When this is the right move
Use memory search when the workspace has enough notes, memory files, or optional session transcripts that you need retrieval rather than eyeballing files. It matters even more when the thing you need is a mix of human language and exact identifiers, because that is precisely where hybrid search beats plain grep-style thinking.
The practical workflow
- Make sure OpenClaw has an embedding provider path you actually intend to use, whether that is auto-detected from existing keys or set explicitly.
- Check index status before assuming the tool is broken. An empty or stale index produces bad recall no matter how good the prompt is.
- Rebuild the index when the docs or your config say the backend changed or the index looks stale.
- Enable optional ranking helpers such as temporal decay or MMR only when your note history is large enough to benefit from them.
- Test both semantic recall and exact-term recall so you know whether failures are about embeddings, full-text search, or both.
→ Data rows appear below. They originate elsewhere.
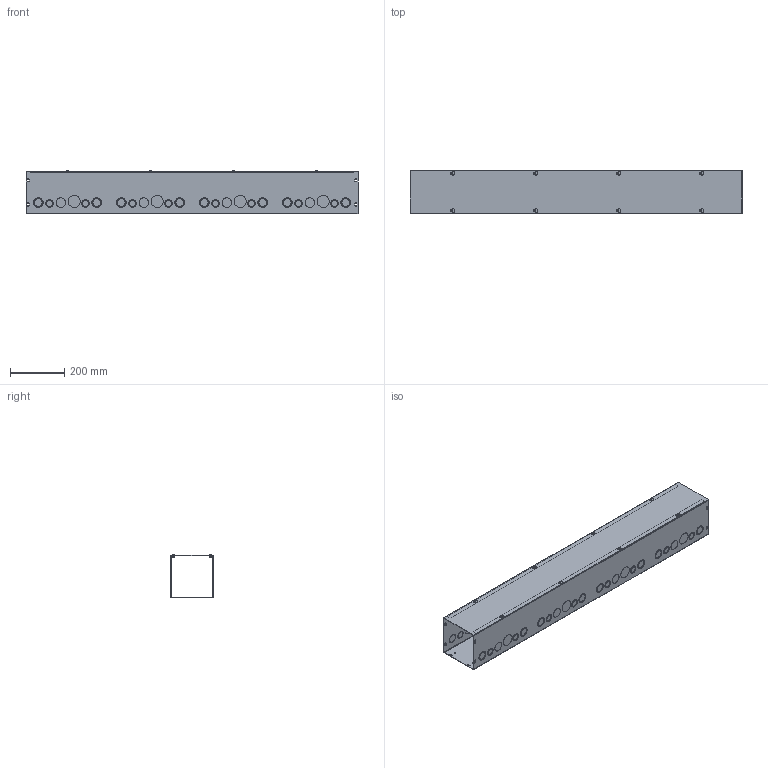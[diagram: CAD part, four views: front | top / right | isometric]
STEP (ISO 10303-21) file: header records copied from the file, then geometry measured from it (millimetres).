
FILE_DESCRIPTION(/* description */ ('WW, S, BLR, GALV, 6X6X48'),/* implementation_level */ '2;1');
FILE_NAME(/* name */ 'S6648G.stp',/* time_stamp */ '2017-06-23T19:55:35+05:00',/* author */ ('vdas'),/* organization */ (''),/* preprocessor_version */ 'ST-DEVELOPER v16.1',/* originating_system */ 'Autodesk Inventor 2016',/* authorisation */ '');
FILE_SCHEMA (('AUTOMOTIVE_DESIGN { 1 0 10303 214 3 1 1 }'));
Length unit declared in the file: inch
Products named in the file (4): S6648GBLR; S6648GLID; 372141; S6648G
Assembly tree (10 placements, depth 2):
  S6648G
    S6648GBLR
    S6648GLID
    372141  x8
Bounding box: 1219.2 x 157.15 x 160.59 mm (x, y, z)
Volume: 1274240.9 mm3; surface area: 1594477.3 mm2
Topology: 10 solids, 10 shells, 952 faces, 2148 edges, 1304 vertices
Faces by surface type: plane 372, cylinder 236, cone 216, torus 112, bspline 16
Full cylindrical faces by diameter (mm): 4.089 x8, 4.595 x64, 6.35 x4, 7.938 x8, 22.225 x16, 28.575 x32, 34.925 x24, 44.45 x8
Entity records: 11782 total; most frequent: CARTESIAN_POINT 2363, DIRECTION 1954, ORIENTED_EDGE 1536, AXIS2_PLACEMENT_3D 813, EDGE_CURVE 768, EDGE_LOOP 706, VERTEX_POINT 578, FACE_OUTER_BOUND 419
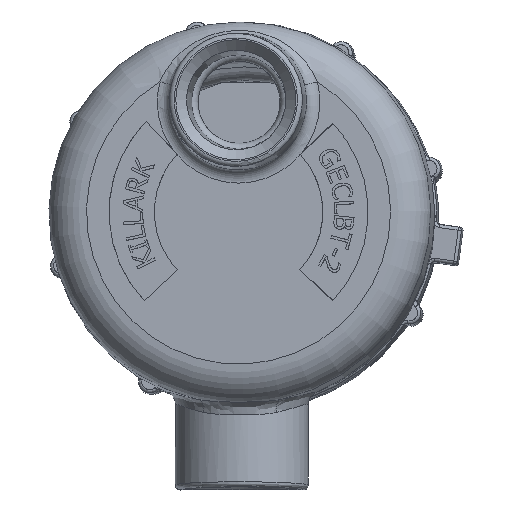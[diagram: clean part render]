
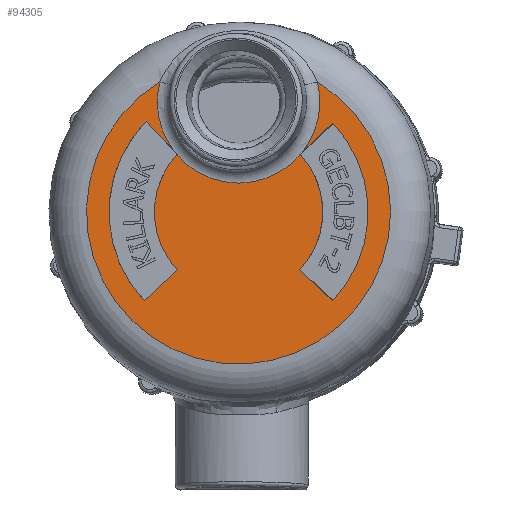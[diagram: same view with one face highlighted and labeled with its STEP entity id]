
A CAD part, front view. The second image highlights one B-rep face of the part: STEP entity #94305.
In plain terms, the highlighted face is planar.
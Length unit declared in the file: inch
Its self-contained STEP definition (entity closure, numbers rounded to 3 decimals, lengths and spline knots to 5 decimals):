
#93955=CARTESIAN_POINT('',(0.61864,0.,0.58143));
#93956=VERTEX_POINT('',#93955);
#93968=CARTESIAN_POINT('',(0.75968,0.,1.25491));
#93969=VERTEX_POINT('',#93968);
#93970=CARTESIAN_POINT('',(0.0,0.,1.0625));
#93971=DIRECTION('',(0.0,-1.0,0.0));
#93972=DIRECTION('',(0.0,0.0,-1.0));
#93973=AXIS2_PLACEMENT_3D('',#93970,#93971,#93972);
#93974=CIRCLE('',#93973,0.78367);
#93975=EDGE_CURVE('',#93956,#93969,#93974,.T.);
#93985=CARTESIAN_POINT('',(-0.75968,0.,1.25491));
#93986=VERTEX_POINT('',#93985);
#93994=CARTESIAN_POINT('',(-0.63141,0.,0.59832));
#93995=VERTEX_POINT('',#93994);
#93996=CARTESIAN_POINT('',(0.0,0.,1.0625));
#93997=DIRECTION('',(0.0,-1.0,0.0));
#93998=DIRECTION('',(0.0,0.0,-1.0));
#93999=AXIS2_PLACEMENT_3D('',#93996,#93997,#93998);
#94000=CIRCLE('',#93999,0.78367);
#94001=EDGE_CURVE('',#93986,#93995,#94000,.T.);
#94014=CARTESIAN_POINT('',(-0.59536,0.,0.5529));
#94015=VERTEX_POINT('',#94014);
#94023=CARTESIAN_POINT('',(0.59536,0.,0.5529));
#94024=VERTEX_POINT('',#94023);
#94025=CARTESIAN_POINT('',(0.0,0.,1.0625));
#94026=DIRECTION('',(0.0,-1.0,0.0));
#94027=DIRECTION('',(0.0,0.0,-1.0));
#94028=AXIS2_PLACEMENT_3D('',#94025,#94026,#94027);
#94029=CIRCLE('',#94028,0.78367);
#94030=EDGE_CURVE('',#94015,#94024,#94029,.T.);
#94147=CARTESIAN_POINT('',(0.0,0.,0.0));
#94148=DIRECTION('',(0.0,1.0,0.0));
#94149=DIRECTION('',(1.0,0.0,0.0));
#94150=AXIS2_PLACEMENT_3D('',#94147,#94148,#94149);
#94151=CIRCLE('',#94150,1.46694);
#94152=EDGE_CURVE('',#93969,#93986,#94151,.T.);
#94230=CARTESIAN_POINT('',(0.92922,0.,0.0));
#94231=DIRECTION('',(0.0,-1.0,0.0));
#94232=DIRECTION('',(0.0,0.0,-1.0));
#94233=AXIS2_PLACEMENT_3D('',#94230,#94231,#94232);
#94234=PLANE('',#94233);
#94235=ORIENTED_EDGE('',*,*,#93975,.F.);
#94236=CARTESIAN_POINT('',(0.91085,0.,0.85607));
#94237=VERTEX_POINT('',#94236);
#94238=CARTESIAN_POINT('',(0.61864,0.,0.58143));
#94239=DIRECTION('',(0.729,0.0,0.685));
#94240=VECTOR('',#94239,0.40101);
#94241=LINE('',#94238,#94240);
#94242=EDGE_CURVE('',#93956,#94237,#94241,.T.);
#94243=ORIENTED_EDGE('',*,*,#94242,.T.);
#94244=CARTESIAN_POINT('',(0.91085,0.,-0.85607));
#94245=VERTEX_POINT('',#94244);
#94246=CARTESIAN_POINT('',(0.0,0.,0.0));
#94247=DIRECTION('',(0.0,1.0,0.0));
#94248=DIRECTION('',(0.729,0.0,-0.685));
#94249=AXIS2_PLACEMENT_3D('',#94246,#94247,#94248);
#94250=CIRCLE('',#94249,1.25);
#94251=EDGE_CURVE('',#94237,#94245,#94250,.T.);
#94252=ORIENTED_EDGE('',*,*,#94251,.T.);
#94253=CARTESIAN_POINT('',(0.59205,0.,-0.55644));
#94254=VERTEX_POINT('',#94253);
#94255=CARTESIAN_POINT('',(0.91085,0.,-0.85607));
#94256=DIRECTION('',(-0.729,0.0,0.685));
#94257=VECTOR('',#94256,0.4375);
#94258=LINE('',#94255,#94257);
#94259=EDGE_CURVE('',#94245,#94254,#94258,.T.);
#94260=ORIENTED_EDGE('',*,*,#94259,.T.);
#94261=CARTESIAN_POINT('',(0.0,0.,0.0));
#94262=DIRECTION('',(0.0,-1.0,0.0));
#94263=DIRECTION('',(-0.729,0.0,0.685));
#94264=AXIS2_PLACEMENT_3D('',#94261,#94262,#94263);
#94265=CIRCLE('',#94264,0.8125);
#94266=EDGE_CURVE('',#94254,#94024,#94265,.T.);
#94267=ORIENTED_EDGE('',*,*,#94266,.T.);
#94268=ORIENTED_EDGE('',*,*,#94030,.F.);
#94269=CARTESIAN_POINT('',(-0.59205,0.,-0.55644));
#94270=VERTEX_POINT('',#94269);
#94271=CARTESIAN_POINT('',(0.0,0.,0.0));
#94272=DIRECTION('',(0.0,-1.0,0.0));
#94273=DIRECTION('',(0.729,0.0,-0.685));
#94274=AXIS2_PLACEMENT_3D('',#94271,#94272,#94273);
#94275=CIRCLE('',#94274,0.8125);
#94276=EDGE_CURVE('',#94015,#94270,#94275,.T.);
#94277=ORIENTED_EDGE('',*,*,#94276,.T.);
#94278=CARTESIAN_POINT('',(-0.91085,0.,-0.85607));
#94279=VERTEX_POINT('',#94278);
#94280=CARTESIAN_POINT('',(-0.59205,0.,-0.55644));
#94281=DIRECTION('',(-0.729,0.0,-0.685));
#94282=VECTOR('',#94281,0.4375);
#94283=LINE('',#94280,#94282);
#94284=EDGE_CURVE('',#94270,#94279,#94283,.T.);
#94285=ORIENTED_EDGE('',*,*,#94284,.T.);
#94286=CARTESIAN_POINT('',(-0.89205,0.,0.87564));
#94287=VERTEX_POINT('',#94286);
#94288=CARTESIAN_POINT('',(0.0,0.,0.0));
#94289=DIRECTION('',(0.0,1.0,0.0));
#94290=DIRECTION('',(-0.714,0.0,0.701));
#94291=AXIS2_PLACEMENT_3D('',#94288,#94289,#94290);
#94292=CIRCLE('',#94291,1.25);
#94293=EDGE_CURVE('',#94279,#94287,#94292,.T.);
#94294=ORIENTED_EDGE('',*,*,#94293,.T.);
#94295=CARTESIAN_POINT('',(-0.89205,0.,0.87564));
#94296=DIRECTION('',(0.685,0.0,-0.729));
#94297=VECTOR('',#94296,0.38058);
#94298=LINE('',#94295,#94297);
#94299=EDGE_CURVE('',#94287,#93995,#94298,.T.);
#94300=ORIENTED_EDGE('',*,*,#94299,.T.);
#94301=ORIENTED_EDGE('',*,*,#94001,.F.);
#94302=ORIENTED_EDGE('',*,*,#94152,.F.);
#94303=EDGE_LOOP('',(#94235,#94243,#94252,#94260,#94267,#94268,#94277,#94285,#94294,#94300,#94301,#94302));
#94304=FACE_OUTER_BOUND('',#94303,.T.);
#94305=ADVANCED_FACE('',(#94304),#94234,.T.);

Grounded command or config pattern
The docs show a direct provider setting plus the core CLI commands for status and reindexing.
{
agents: {
defaults: {
memorySearch: {
provider: "openai",
},
},
},
}
openclaw memory status
openclaw memory search "query"
openclaw memory index --forceIf you have no embeddings configured, OpenClaw can still use lexical ranking over full-text results instead of falling all the way back to naive exact-match ordering. The docs also mention a local provider path when node-llama-cpp is installed next to OpenClaw.
Operator notes
The docs describe a two-path retrieval pipeline: vector similarity for semantic meaning and BM25 for exact terms, merged into one ranked result set. They also document optional temporal decay and MMR for large note histories, multimodal indexing with Gemini Embedding 2, and experimental session transcript indexing when you intentionally opt in. That makes memory search a tunable system rather than a single fixed behavior.
Rollout approach
For memory search, I would begin with the most boring questions possible: one paraphrased memory and one exact token or ID. If both work, the engine is basically healthy. If one fails, you know which retrieval path needs attention. That is faster than jumping straight into a vague “the agent forgot everything” conclusion.
Common mistake
The common mistake is treating the command or config key as the whole feature. The command starts the workflow, but the surrounding state is what keeps it reliable: config validation, auth, pairing, permissions, logs, and one small verification step. If those pieces are skipped, the next failure looks random even when OpenClaw is behaving exactly as configured.
Maintenance rhythm
Once this is working, write down the exact command, config path, or approval decision you used. Future you will not remember the tiny detail that made the setup safe. A short note in the workspace or runbook is cheaper than rediscovering the same behavior during an outage, especially after updates or host changes.
Safety checks
Remember that memory search is still grounded in files and configured indexes. It is not hidden magical memory. If you should not be indexing a directory or transcript collection, do not turn it on just because more recall sounds better. Better memory is still subject to the same privacy and workspace-boundary decisions as everything else in OpenClaw.
How to verify it worked
Run one search for an exact string such as an ID or config key and one search for a paraphrased idea. If exact search works but semantic search does not, check the embedding provider and openclaw memory status --deep. If nothing works, rebuild the index before you touch any higher-level memory feature.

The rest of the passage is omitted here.